BEGIN Dataset entries
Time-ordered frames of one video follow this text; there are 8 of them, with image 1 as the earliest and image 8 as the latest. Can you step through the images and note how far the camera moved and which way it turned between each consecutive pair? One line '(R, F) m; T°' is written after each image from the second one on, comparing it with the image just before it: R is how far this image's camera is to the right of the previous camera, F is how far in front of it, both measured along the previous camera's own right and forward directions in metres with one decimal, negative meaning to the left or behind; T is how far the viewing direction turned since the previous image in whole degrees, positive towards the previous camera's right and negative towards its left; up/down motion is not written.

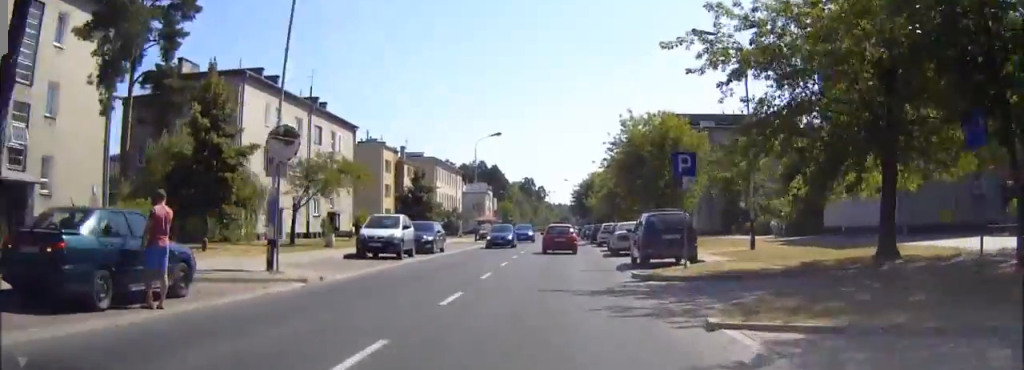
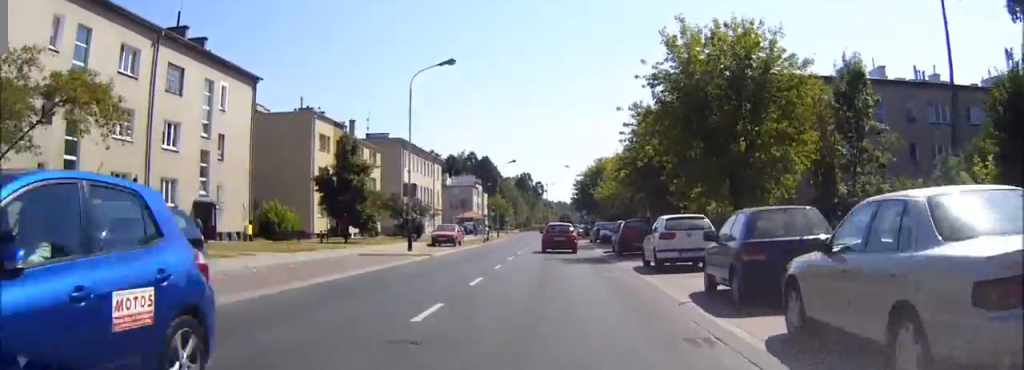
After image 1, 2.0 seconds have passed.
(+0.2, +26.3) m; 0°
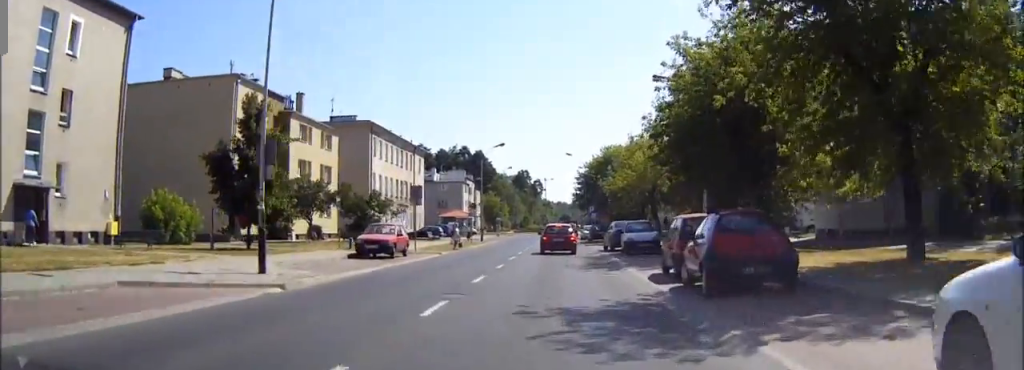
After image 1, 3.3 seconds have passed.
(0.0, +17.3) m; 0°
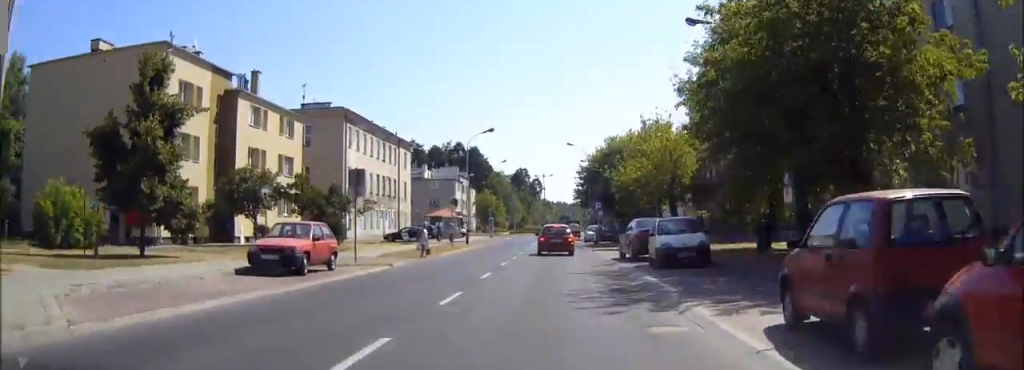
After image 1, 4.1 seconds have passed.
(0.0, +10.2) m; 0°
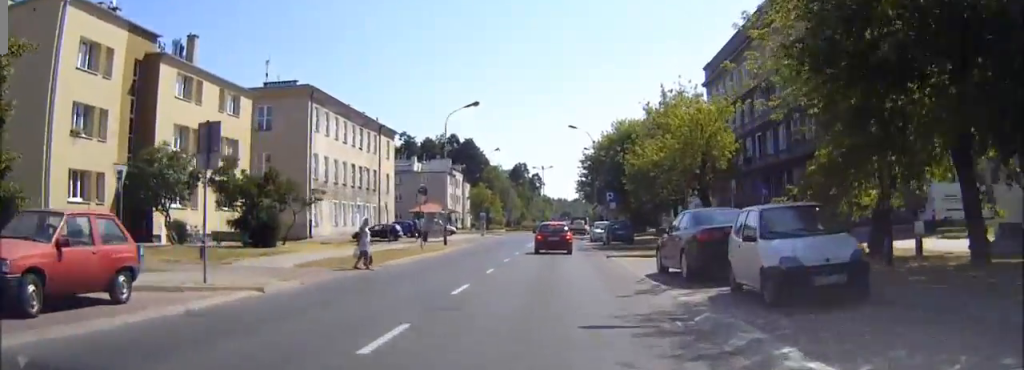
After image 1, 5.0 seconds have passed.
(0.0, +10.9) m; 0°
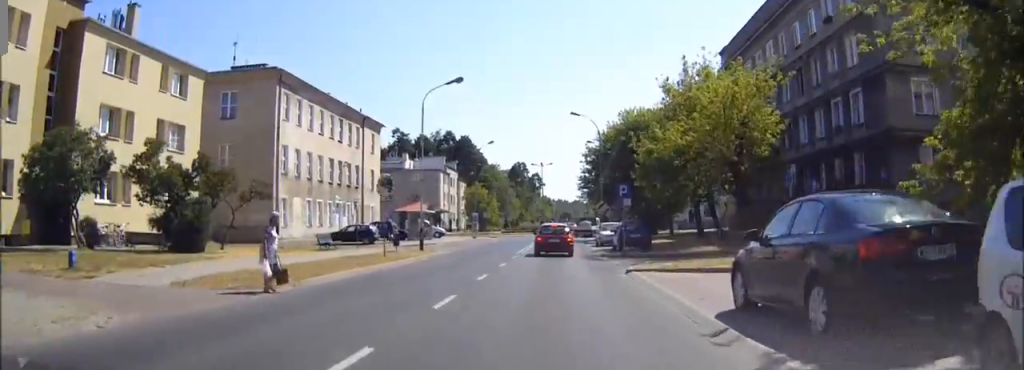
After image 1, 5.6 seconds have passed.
END Dataset entries
BEGIN Dataset entries
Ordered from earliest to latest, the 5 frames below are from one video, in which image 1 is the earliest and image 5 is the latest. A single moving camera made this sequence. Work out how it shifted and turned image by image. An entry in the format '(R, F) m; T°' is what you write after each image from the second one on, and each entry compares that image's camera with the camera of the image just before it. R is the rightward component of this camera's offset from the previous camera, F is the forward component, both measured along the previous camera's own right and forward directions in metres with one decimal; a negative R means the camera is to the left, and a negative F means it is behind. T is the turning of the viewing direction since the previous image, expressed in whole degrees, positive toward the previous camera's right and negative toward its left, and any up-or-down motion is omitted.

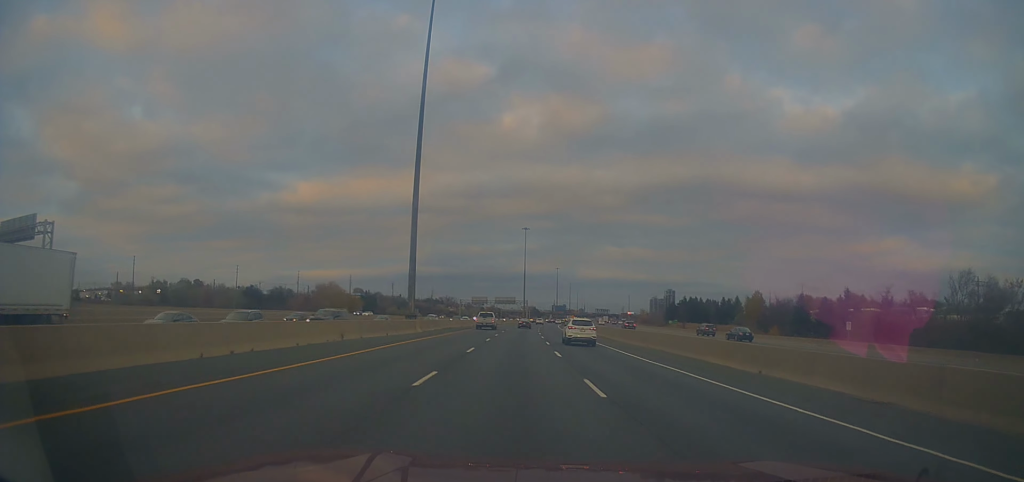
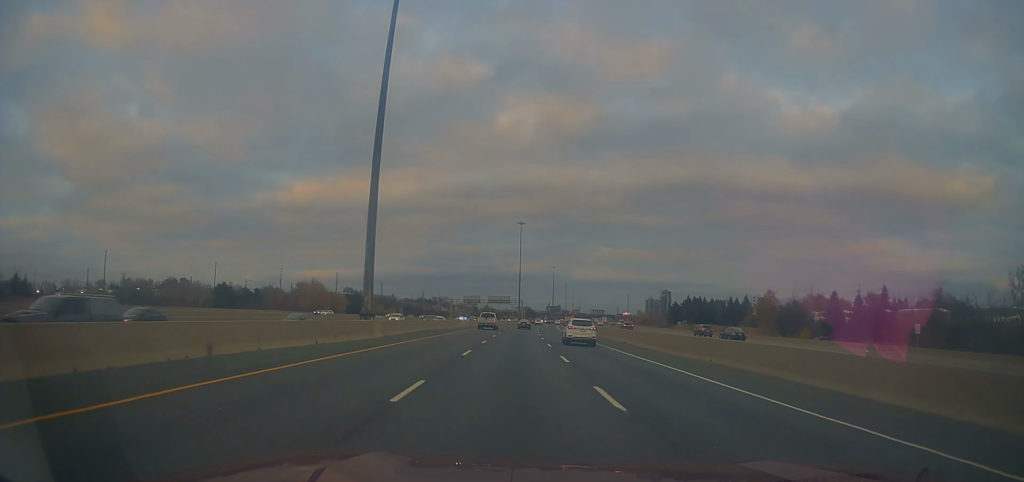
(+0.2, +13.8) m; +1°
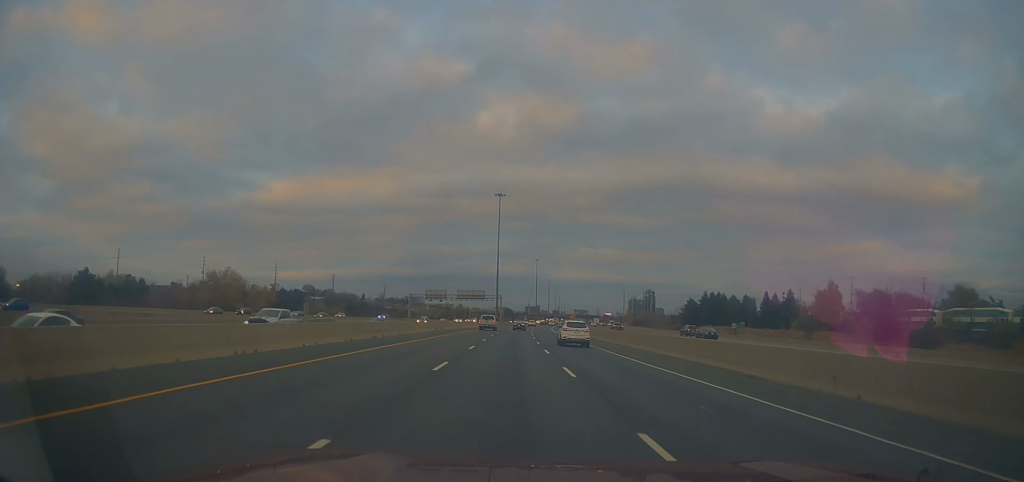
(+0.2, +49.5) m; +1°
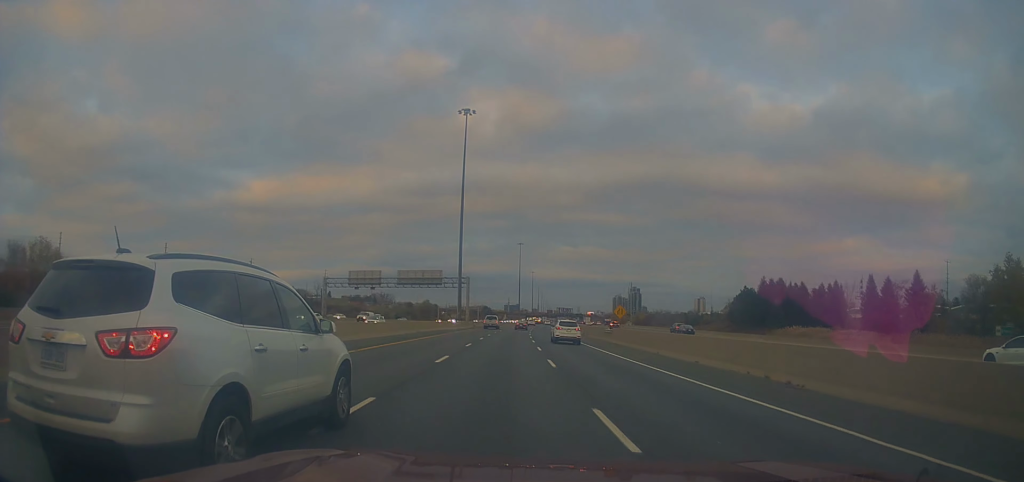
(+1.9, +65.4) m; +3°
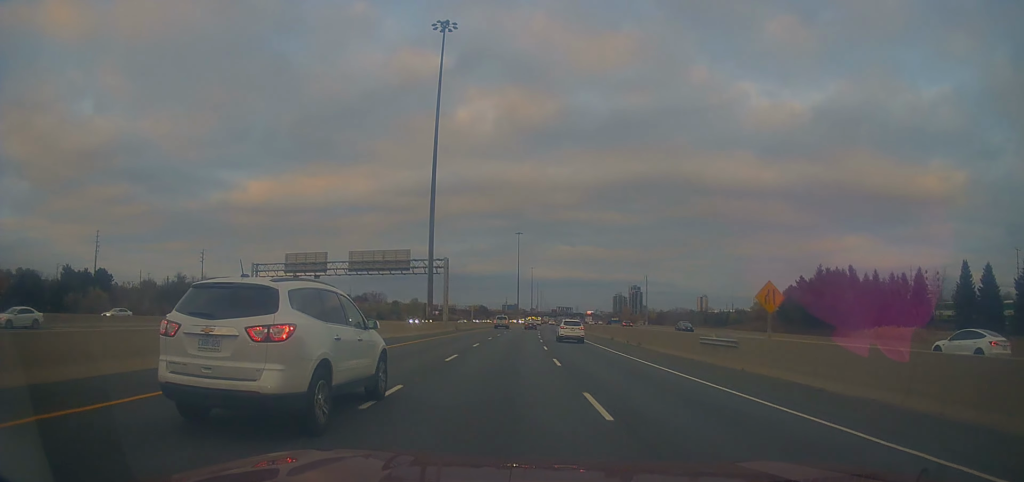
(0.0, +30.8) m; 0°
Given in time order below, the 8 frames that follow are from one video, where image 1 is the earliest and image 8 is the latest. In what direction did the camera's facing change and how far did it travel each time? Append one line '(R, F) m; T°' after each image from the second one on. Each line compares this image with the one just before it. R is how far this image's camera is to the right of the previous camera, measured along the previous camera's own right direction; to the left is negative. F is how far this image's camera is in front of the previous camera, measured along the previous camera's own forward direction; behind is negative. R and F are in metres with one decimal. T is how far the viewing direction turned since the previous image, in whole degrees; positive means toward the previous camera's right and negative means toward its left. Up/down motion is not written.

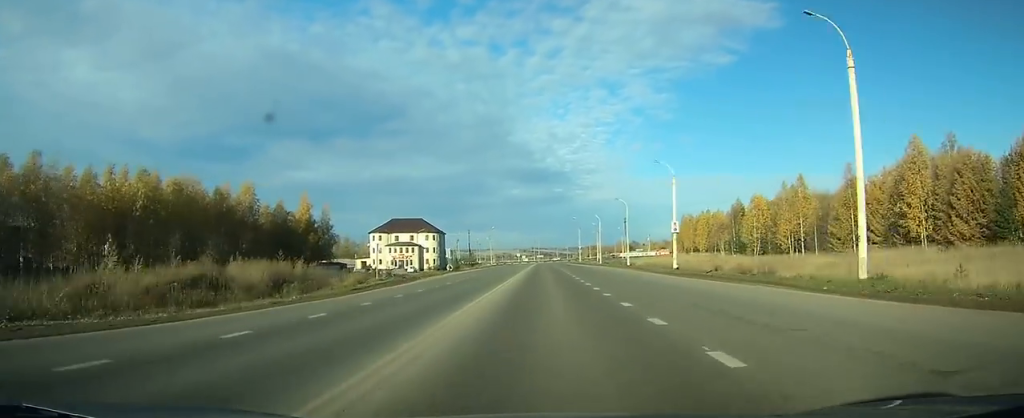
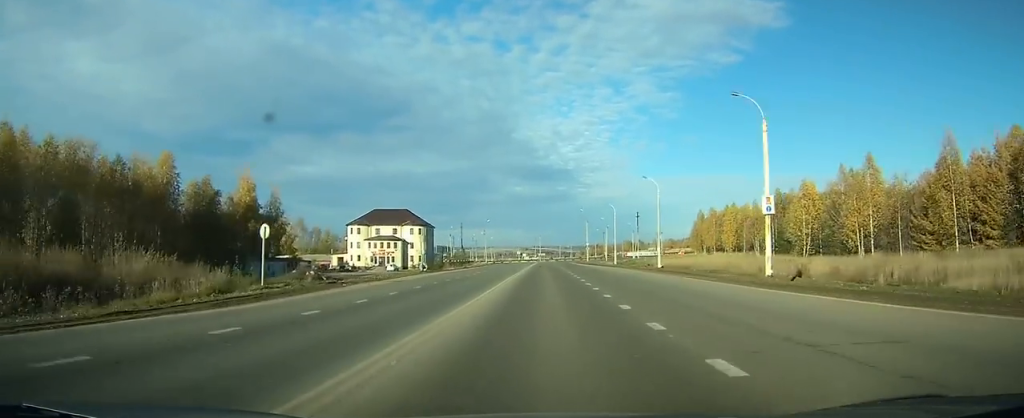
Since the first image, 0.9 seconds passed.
END Dataset entries
BEGIN Dataset entries
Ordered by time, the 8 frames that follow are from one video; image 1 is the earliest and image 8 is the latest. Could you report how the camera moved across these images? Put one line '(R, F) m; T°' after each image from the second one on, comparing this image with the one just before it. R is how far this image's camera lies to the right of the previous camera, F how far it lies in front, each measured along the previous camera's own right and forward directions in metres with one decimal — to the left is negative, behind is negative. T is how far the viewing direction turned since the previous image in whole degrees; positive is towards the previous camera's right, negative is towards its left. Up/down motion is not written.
END Dataset entries
### Activity
What should come back is an exact copy of the lines above from the line with "Time-ordered frames of" to the line with "After image 1, 5.6 seconds have passed.", both included, minus the pictures.

### Reply to the task
Time-ordered frames of one video follow this text; there are 8 of them, with image 1 as the earliest and image 8 as the latest. Can you step through the images and note how far the camera moved and which way it turned between each consecutive pair? One line '(R, F) m; T°' is written after each image from the second one on, comparing it with the image just before it: R is how far this image's camera is to the right of the previous camera, F is how far in front of it, both measured along the previous camera's own right and forward directions in metres with one decimal, negative meaning to the left or behind; T is how far the viewing direction turned since the previous image in whole degrees, positive towards the previous camera's right and negative towards its left; up/down motion is not written.

After image 1, 2.0 seconds have passed.
(+0.2, +26.3) m; 0°
After image 1, 3.3 seconds have passed.
(0.0, +17.3) m; 0°
After image 1, 4.1 seconds have passed.
(0.0, +10.2) m; 0°
After image 1, 5.0 seconds have passed.
(0.0, +10.9) m; 0°
After image 1, 5.6 seconds have passed.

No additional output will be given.